We consider the following frequently used automatic word-overlap based metrics in our work: BLEU (Papineni et al., 2002), ROUGE (Lin and Rey, 2004) and METEOR (Lavie and Denkowski, 2009). Following Novikova et al. (2017) and Liu et al. (2016b), we also compared a vector-based sentence-similarity using sent2vec (Pagliardini et al., 2017) to compare sentences (VecSim). Figure 5 shows how each of these metrics is correlated with human judgment for the systems being evaluated. Unsurprisingly, the correlation varies considerably across systems, with token-based metrics correlating more strongly for systems that are more extractive in nature (fastqa and fastqa_ext).

Results.Extended results for other systems, metrics and prompts can be found at https://bit.ly/price-of-debiasing/.

In Section 3 we proved that the control variates estimator is not only unbiased but also has the least variance among other unbiased estimators. Figure 6 plots the width of the 80% confidence interval, estimated using bootstrap, measured as a function of the number of samples collected for different tasks and prompts. As expected, the control variates estimator reduces the width of the confidence interval. We measure data efficiency by the averaging of the ratio of squared confidence intervals between the human baseline and control variates estimates. We observe that the data efficiency depends on the task, prompt and system, ranging from about 1.08 (a 7% cost reduction) to 1.15 (a 13% cost reduction) using current automatic metrics.

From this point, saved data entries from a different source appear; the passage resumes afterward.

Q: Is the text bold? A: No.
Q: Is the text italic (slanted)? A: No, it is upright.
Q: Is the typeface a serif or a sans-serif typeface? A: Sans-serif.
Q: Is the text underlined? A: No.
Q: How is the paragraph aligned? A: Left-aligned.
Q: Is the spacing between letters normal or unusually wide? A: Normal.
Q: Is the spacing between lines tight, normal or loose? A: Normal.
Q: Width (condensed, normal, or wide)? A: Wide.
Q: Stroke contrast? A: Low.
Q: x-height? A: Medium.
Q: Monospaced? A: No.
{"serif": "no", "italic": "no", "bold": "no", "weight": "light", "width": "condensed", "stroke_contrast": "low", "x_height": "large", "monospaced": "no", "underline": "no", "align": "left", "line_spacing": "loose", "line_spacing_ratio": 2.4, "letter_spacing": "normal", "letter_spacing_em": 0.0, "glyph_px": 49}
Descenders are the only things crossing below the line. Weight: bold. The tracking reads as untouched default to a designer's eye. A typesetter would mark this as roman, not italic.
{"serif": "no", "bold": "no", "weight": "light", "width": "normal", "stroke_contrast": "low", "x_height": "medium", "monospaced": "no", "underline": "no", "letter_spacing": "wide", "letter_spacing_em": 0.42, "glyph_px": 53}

As we showed in Section 3, further gains are fundamentally limited by the quality of the evaluation prompts and automatic metrics. Figures 6(a) and 6(b) show how improving the quality of the evaluation prompt from a Likert-scale prompt for quality (Overall) to using post-editing (Edit) noticeably decreases variance and hence allows better automatic metrics to increase data efficiency. Likewise, Figure 6(c) shows how using a better automatic metric (ROUGE-L instead of VecSim) also reduces variance.

Figure 6 also shows the conjectured confidence intervals if we were able to eliminate noise in human judgments (noiseless humans) or have a automatic metric that correlated perfectly with average human judgment (perfect metric). In particular, we use the mean of all (2–3) humans on each $z$ for the perfect $g(z)$ and use the mean of all humans on each $z$ for the “noiseless” $Y(z)$ .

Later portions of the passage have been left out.